1 2 ... 16 17 18 19 ... 32 33


- Эту ошибку ты уже искупил, - ладонь святого старца, вместо того, чтобы лишь коснуться макушки лекаря, ласково погладила его по волосам, - и очень дорогой ценой… Велегору же придётся расплачиваться всю жизнь. Не родители страдают за свои грехи, но их безвинные дети…
              Януш зажмурился, смахнул выступившие слёзы, ощущая, как по-прежнему мягко и ласково гладит его шершавая старческая ладонь.
        - И если не ты поможешь своему сыну, то кто? Ты нужен ему, лекарь… нужен живым! Пока жива в нём любовь, свет его души не погаснет и тьма не возьмёт верх…
        - Вы знаете, как вылечить папу? – вдруг встрепенулся Велегор. – Правда, знаете?
        - Твоему отцу не в силах помочь ни один врач в мире… Но слышал ли ты легенду, дитя, о Слезе Единого?
        - Нет, - тут же загорелся Велегор. – Расскажите!
              Отшельник задумчиво посмотрел сквозь мальчика, сложил сухие руки на коленях.
        - Давным-давно наш мир, созданный Единым Богом, погрузился во тьму. Войны, болезни, катаклизмы, полчища нечисти и злобных духов, порождаемых армией могущественных магов – последователей Клеветника – истощили мир.

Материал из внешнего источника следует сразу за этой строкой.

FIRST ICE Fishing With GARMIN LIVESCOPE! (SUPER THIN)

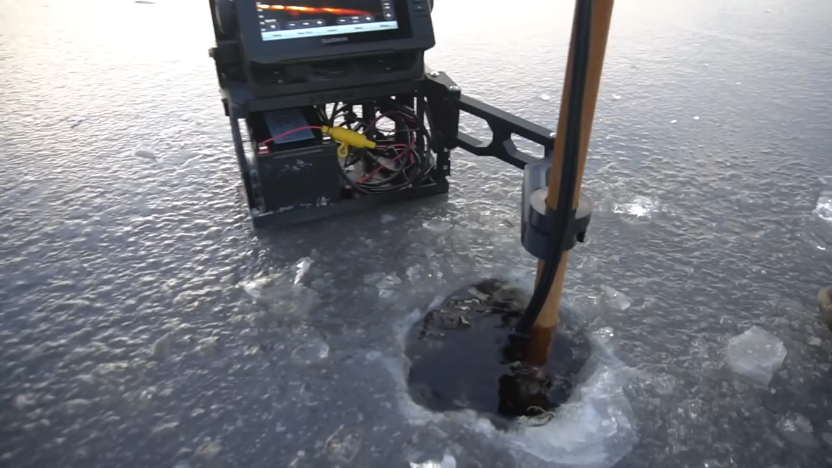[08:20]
water right now it's about 13.3 feet I got it scanning in forward mode so this
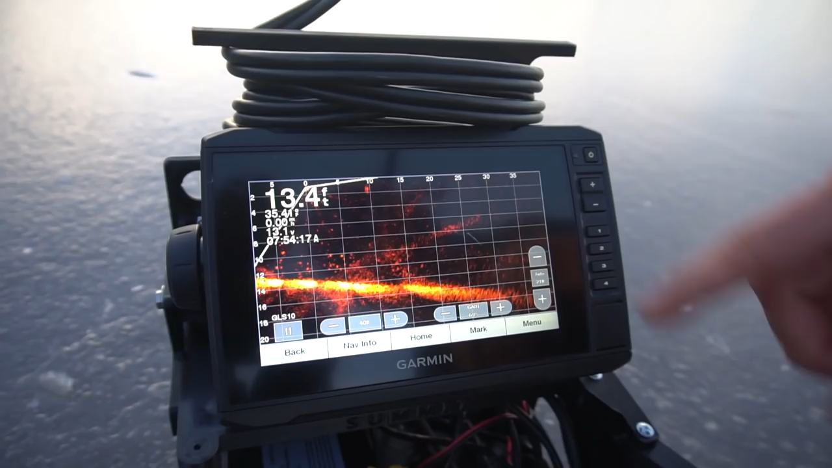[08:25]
this is pointing directly out in the middle of the lake I got it set 40 feet
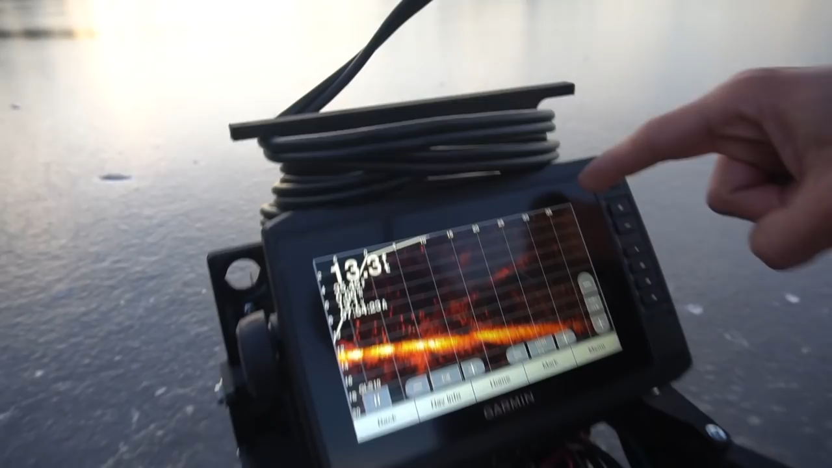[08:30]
out right now and as you can tell all of these specs right here these are all fish
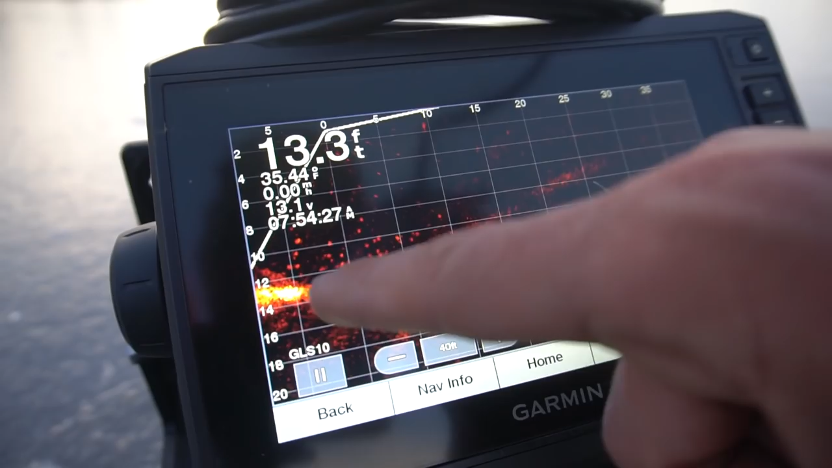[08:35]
On screen: depth 13.3 ft
right here I have it in forward mode I can flip it into down quick
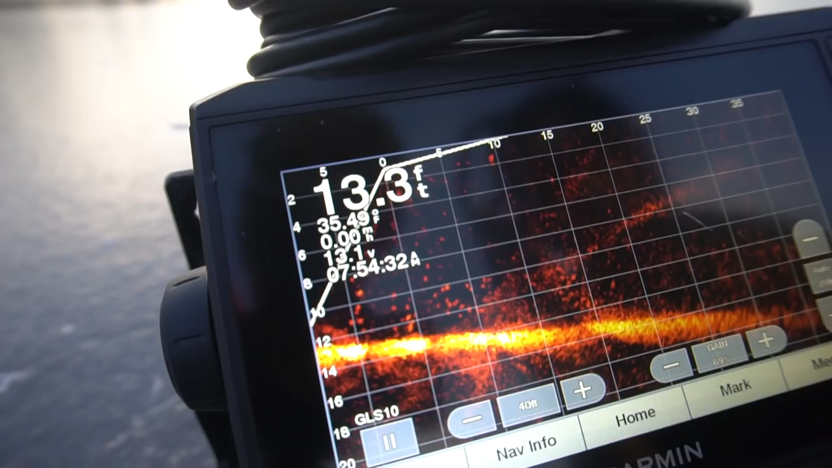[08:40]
On screen: depth 13.3 ft, water 35.49°F
here just like that I'll click it in tighten this back down this
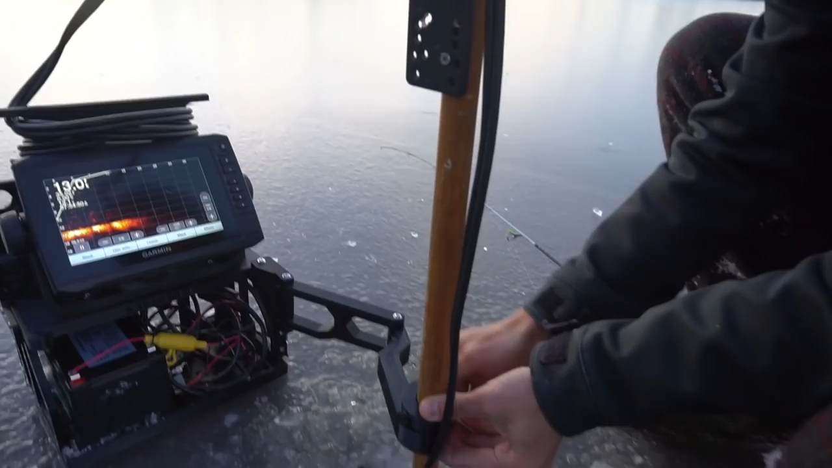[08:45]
actually works extremely well I got to modify it a little bit but this is actually the summit fishing unit for
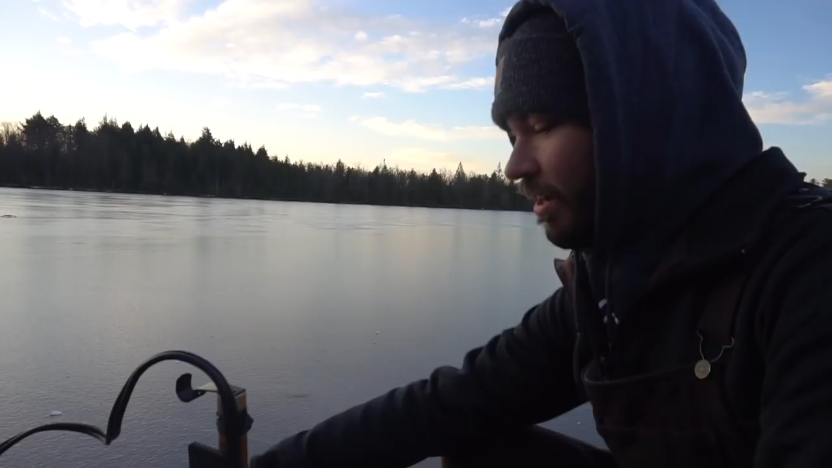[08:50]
the shuttle versus the actual Garmin ice fishing bundle I had to assemble that myself but the thing's sick first drop down to 2020 here we go so as you can tell now we've got it in
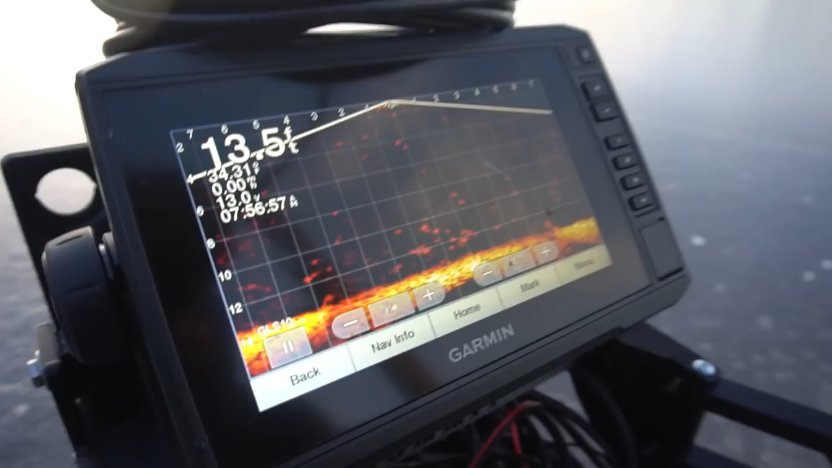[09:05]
On screen: depth 13.5 ft
downward mode and it is a little bit different so this should help
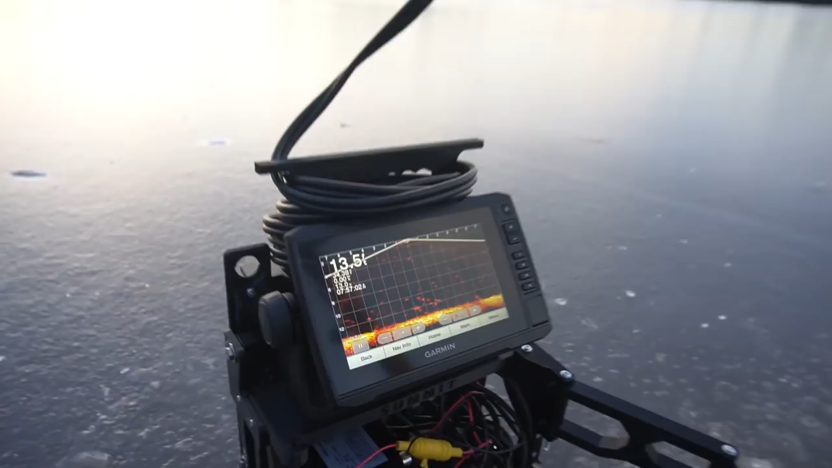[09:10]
us once you're on top of the fish like this we've found a school we're basically directly above them oh yeah check that out I can actually see you jigging on
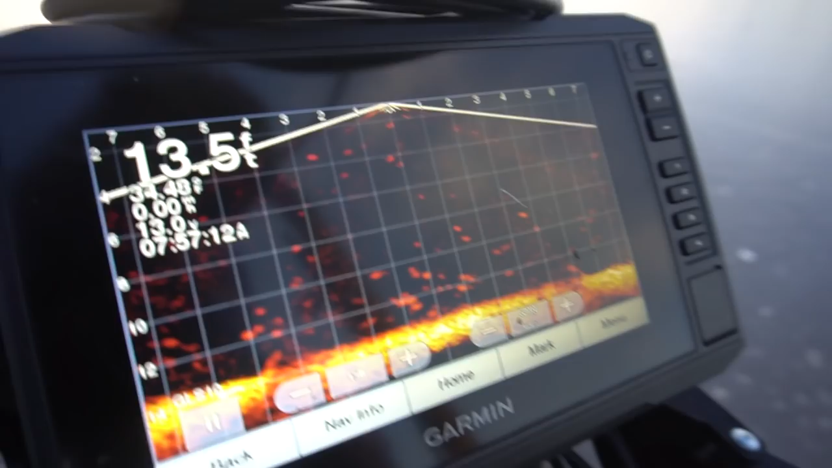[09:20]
On screen: depth 13.5 ft
there let's see here yeah it's 13 feet deep and you're at about
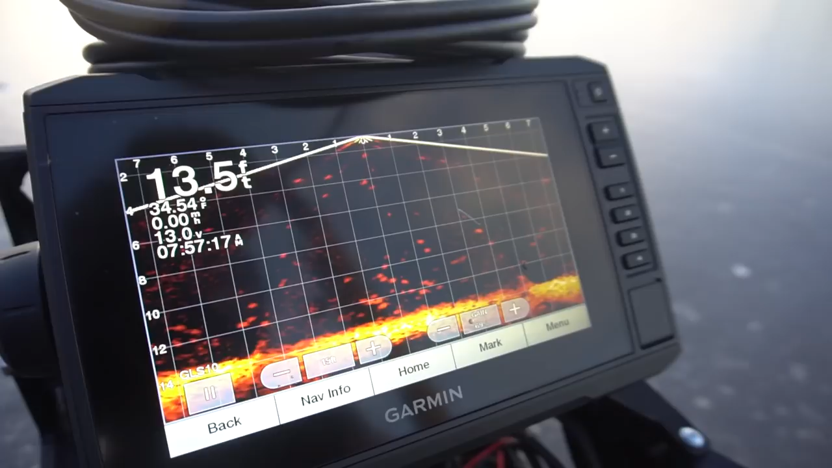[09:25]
10 feet maybe just a little higher holy cow that is pretty awesome

Даже те немногие, кто пытался сохранить веру в Единого Бога, перед лицом постоянной опасности и борьбы за выживание теряли последнюю надежду, озлоблялись, грубели, становясь ничем не лучше тех, против кого боролись…
        - Совсем как на Островах… - тихо проговорил Януш, не поднимая глаз.

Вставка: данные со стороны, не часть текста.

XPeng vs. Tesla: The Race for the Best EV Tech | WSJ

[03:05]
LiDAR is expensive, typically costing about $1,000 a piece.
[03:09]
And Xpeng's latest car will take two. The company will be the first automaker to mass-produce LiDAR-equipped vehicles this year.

        - И тогда Единый Бог внял молитвам верных. Он увидел, что люди не в силах справиться с чёрной магией без Его помощи, и сошёл с небес на землю. Приняв человеческий облик, Он разрушил царство тьмы, победил Клеветника и низверг его в вечную тьму. Вместе с Клеветником этот мир покинула и магия, так что все колдуны потеряли свою тёмную силу… Мир освободился и многие, раскаявшись в своём маловерии, вновь обратились к свету. И тогда Единый вознёсся на самую высокую гору и взглянул на этот мир – такой, каким он был: освобождённым и радостным – а затем прозрел будущее. Люди, которых Он так любил, в новых временах вновь отвернулись от света; магия, которую Он запечатал собственной кровью, вернулась – и по Его щеке скатилась слеза. Единственная слеза, - палец старца, сморщенный, дрожащий, указал на Велегора. – Упав на землю, она превратилась в застывшую хрустальную каплю и затерялась в глубоких снегах той самой горы. Но раз в году над тем местом загорается северное сияние, не зелёное, но синее, как небо... Тот, кто найдёт это место и саму Слезу, обретёт редчайшую благодать, способную исцелить любой недуг… искоренить из души любой грех… осветить самую чёрную душу…
        - Исцелить папу? – радостно догадался Велегор.
        - Подавить в Велегоре тьму? – в свою очередь поразился Януш.
              Монах светло улыбнулся.
        - Однако легенда гласит, - продолжил старец, и отец с сыном тотчас насторожились, - что Слеза Единого может внять лишь одной молитве. Затем она растает…
              Молчание продлилось недолго.
        - Так надо спешить! – воскликнул Велегор, едва не подскакивая на месте. – Вдруг кто другой нашу Слезу отыщет?! А? Что вы смеётесь?
        - Значит, самая высокая гора в мире… - задумчиво сказал Януш.
              Отшельник не отвечал, глядя сквозь лекаря своими необычными, небесного цвета глазами. Велегор беспокойно потеребил отца за рукав рясы:
        - Где это, пап? Ты знаешь?
              Лекарь долгое время вглядывался в горящие чёрные глаза, затем медленно кивнул.
        - Самые высокие горы в мире, - едва слышно проговорил старец, - в Валлии, дитя…
              …Януш возвращался на родину со смешанными чувствами. В первые годы на Островах он скучал по прежней жизни просто безумно, и лишь крайняя нужда и гонка на выживание заглушали ностальгию. Он вспоминал о друзьях, думал о Марион, и многое отдал бы в те дни, чтобы узнать, как они живут, и всё ли с ними хорошо. С появлением Велегора его мир перевернулся, и Януш стал смотреть на него совсем под другим углом. И центром этого угла стал сын…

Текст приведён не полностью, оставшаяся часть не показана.